So why do everything you can to keep metadata intact? Because it’s from this information that new products can be automatically created, at a scale and rapidity that would be impossible otherwise. With every piece of metadata that you don’t throw away, you gain a factor more potential ways of slicing through your content and delivering it as a separate product, simply as a result of a database lookup.
Let me give a worked-out example of this, for starters. AnnArbor.com uses Movable Type as a publishing platform; as a part of that, we have tags for each story. A staff of journalists tagging their stories creates a lot of tags (because you are writing about a lot of things) and a few tags with a lot of stories (because you are writing a lot of stories about those things).
Keeping a collaboratively maintained set of tags sane is work (in the same way that moderating comments is work; but that's another post). When you are writing on a deadline, you don't have the luxury to work out every last possible reuse of your work, and so you don't tag aggressively. When you are copy editing, you might well have a reason to use or prefer a specific tag, in part because it lets you direct readers to previous coverage on the topic in a way that's much simpler than specifically deep linking to each page.

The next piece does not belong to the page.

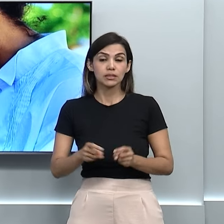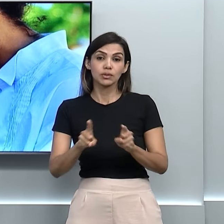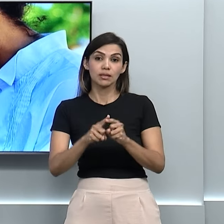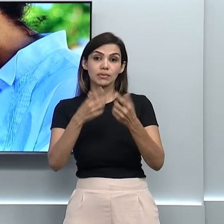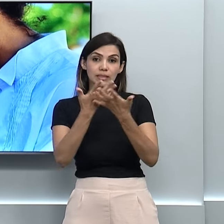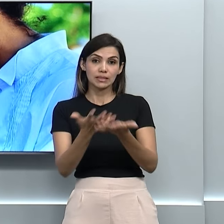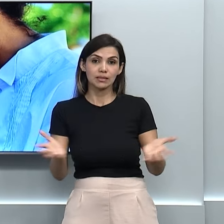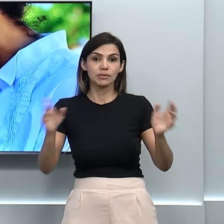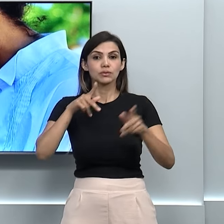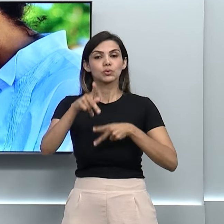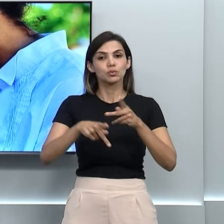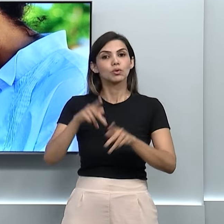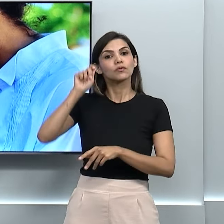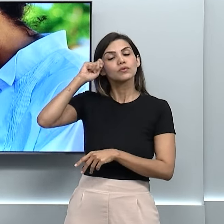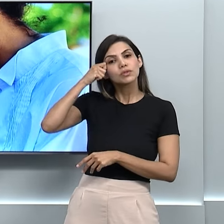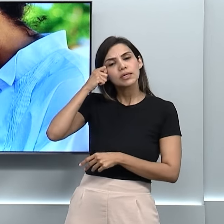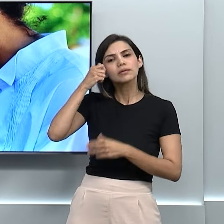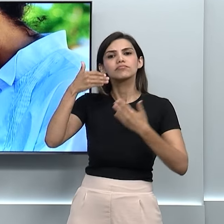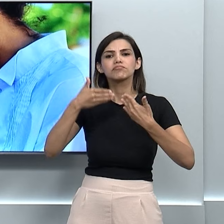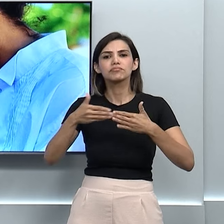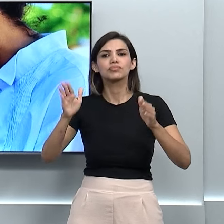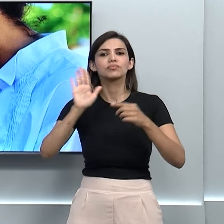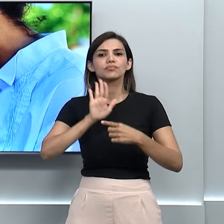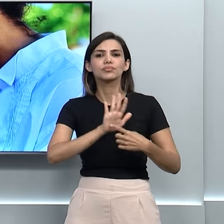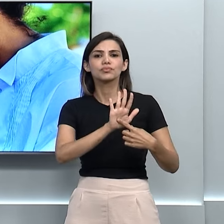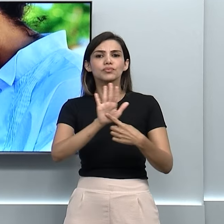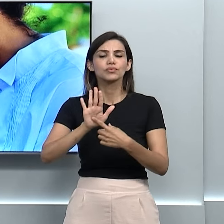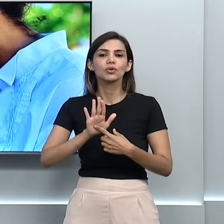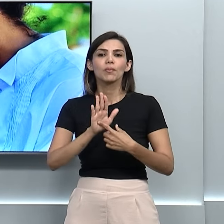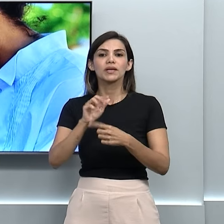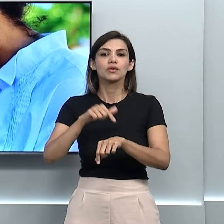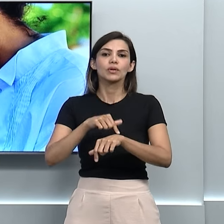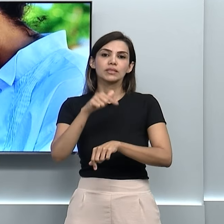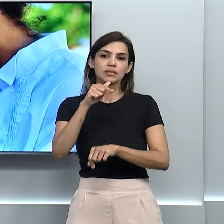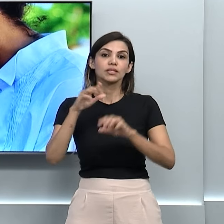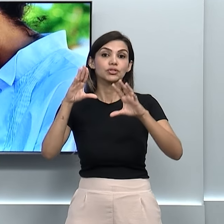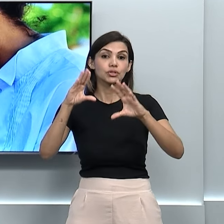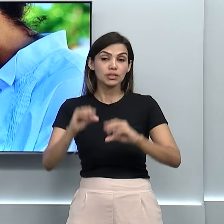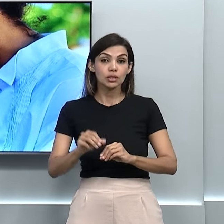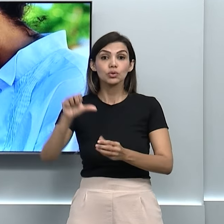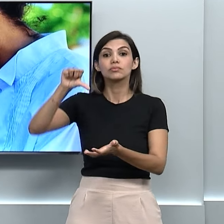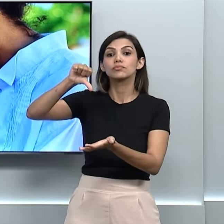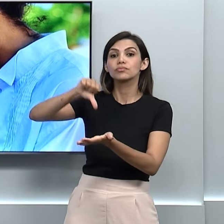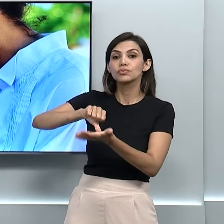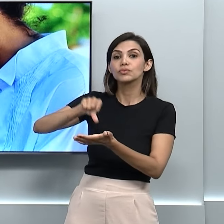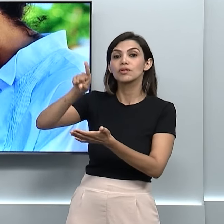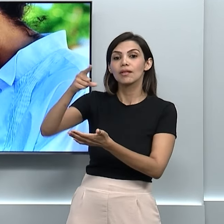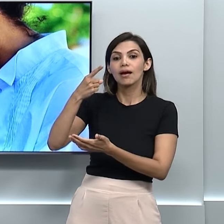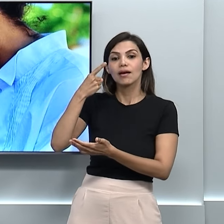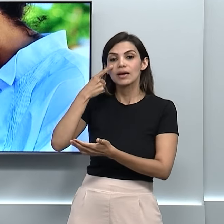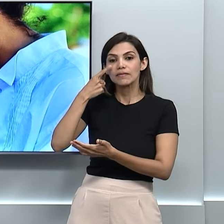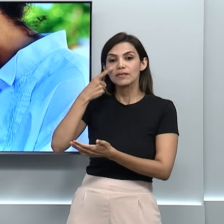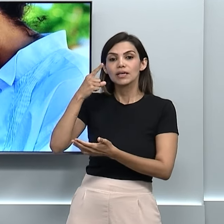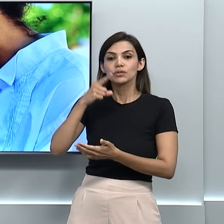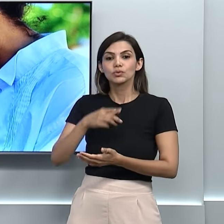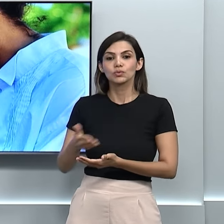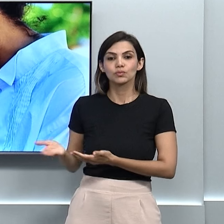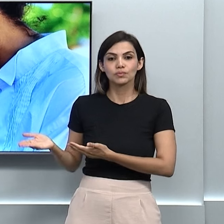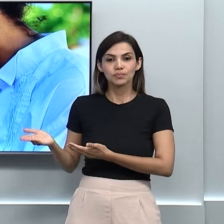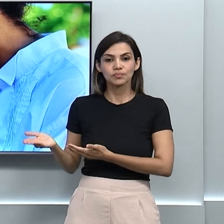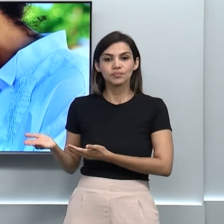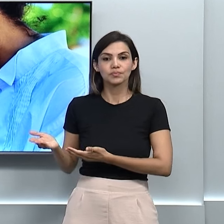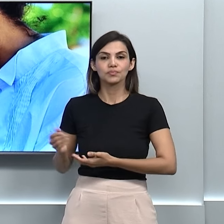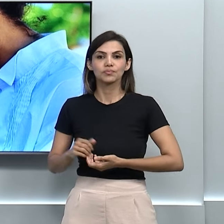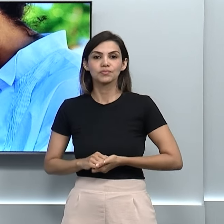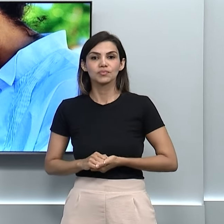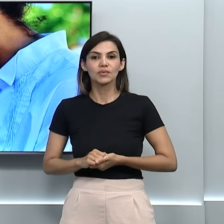A exibição de Dandara começa às 7 horas da noite. E o Zabriski fica na Avenida Antônio Martins Borges, no setor Pedro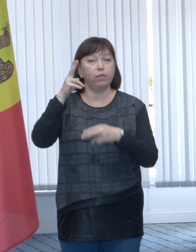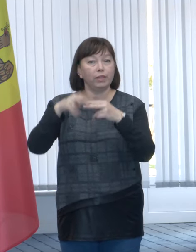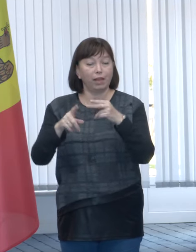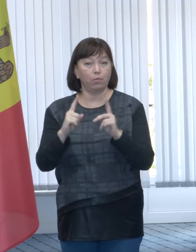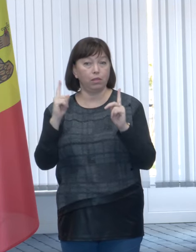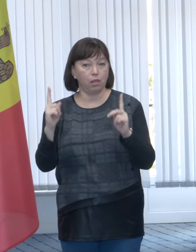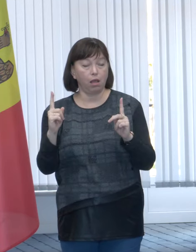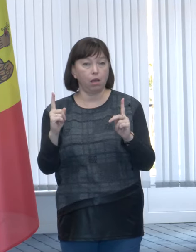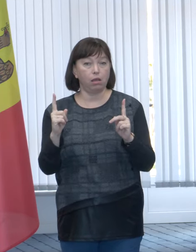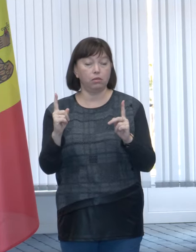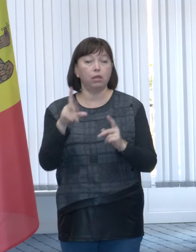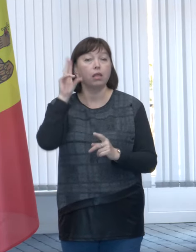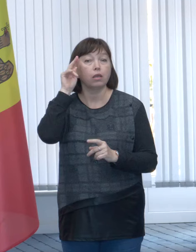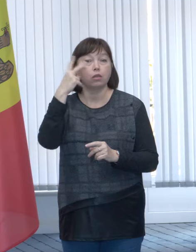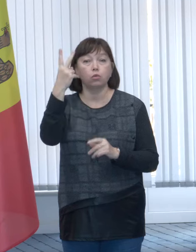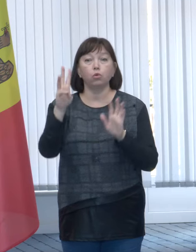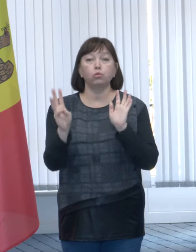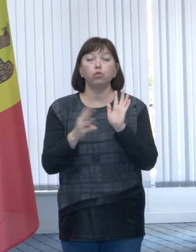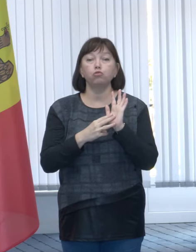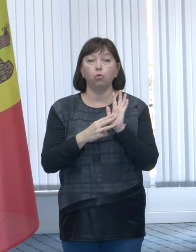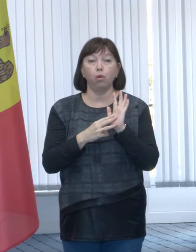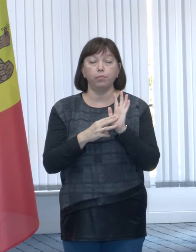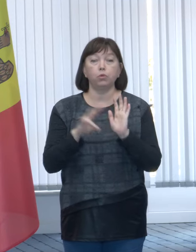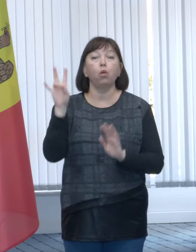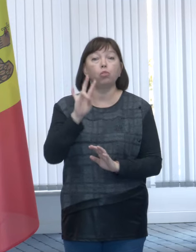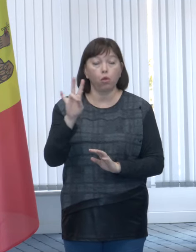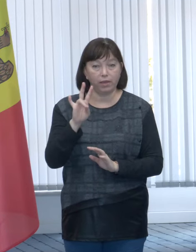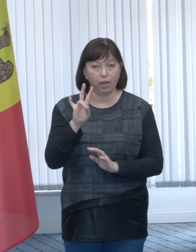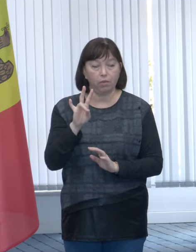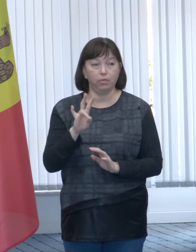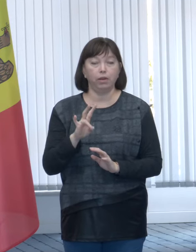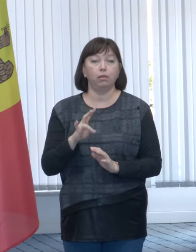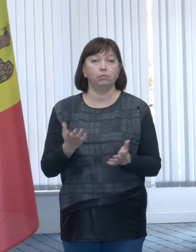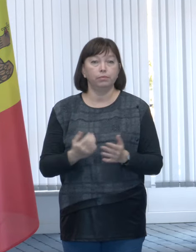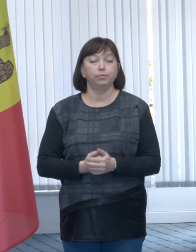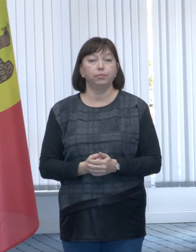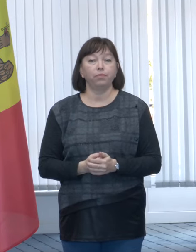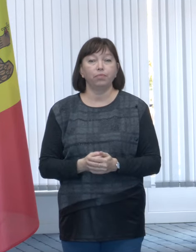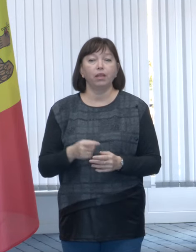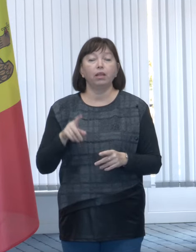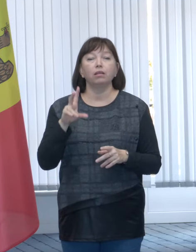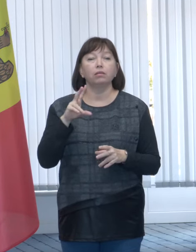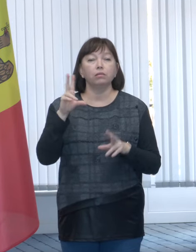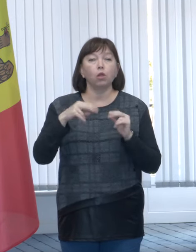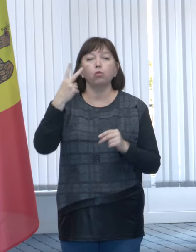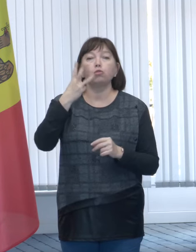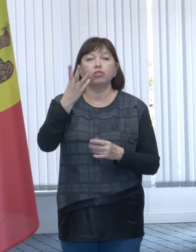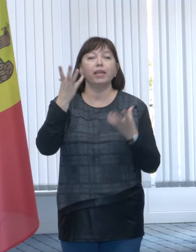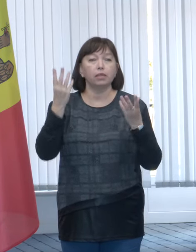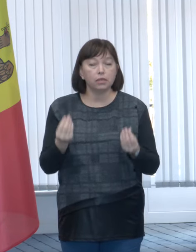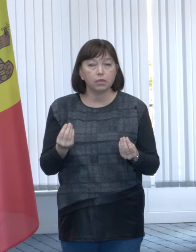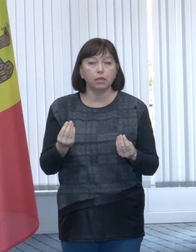pe data de 28 noiembrie. Noiembrie. Deci, practic, avem 23 de zile

What helps me keep some part of some of the metadata I care about within the AnnArbor.com world sane is to build links to the stories that I want to refer to from an outside source - in this case Arborwiki - and as I'm doing updates to that site use it as a sanity spot-check for coverage. Some wiki templates help speed the process of explicit linking, and an internal category helps me figure out what fragment of the tag space I've covered. When I see a story that isn't easy to link to from a relevant page, I go back and add the tag - not because it's useful in the abstract, but because it's relevant to one specific external instance.
In this way I think that Ben is missing one of the elements of metadata, the element that says that you never really stop working on it, and that simple repurpose through a database lookup only works when you are still actively editing the database. There's nothing worse that going to a lot of work doing an attractively formatted page that's driven by a database query against a database that you can't control, and having to answer the question why a certain piece of unwanted data is there and having someone stop you in your chair and watch over your keyboard until it's gone.
Metadata only works when you un-meta it and deal with it again as data. The list of metadata elements that I care enough to keep updating is not just meta; it's a first class real list, one that has to be treated as a first class citizen and not just some accidental system artifact. Sometimes the metadata you expose just makes it clear how incomplete your first pass at storytelling was and what it takes to bring it back to the level of refinement that you expect.
(tags: stopped watched; so meta it hurts; arborwiki)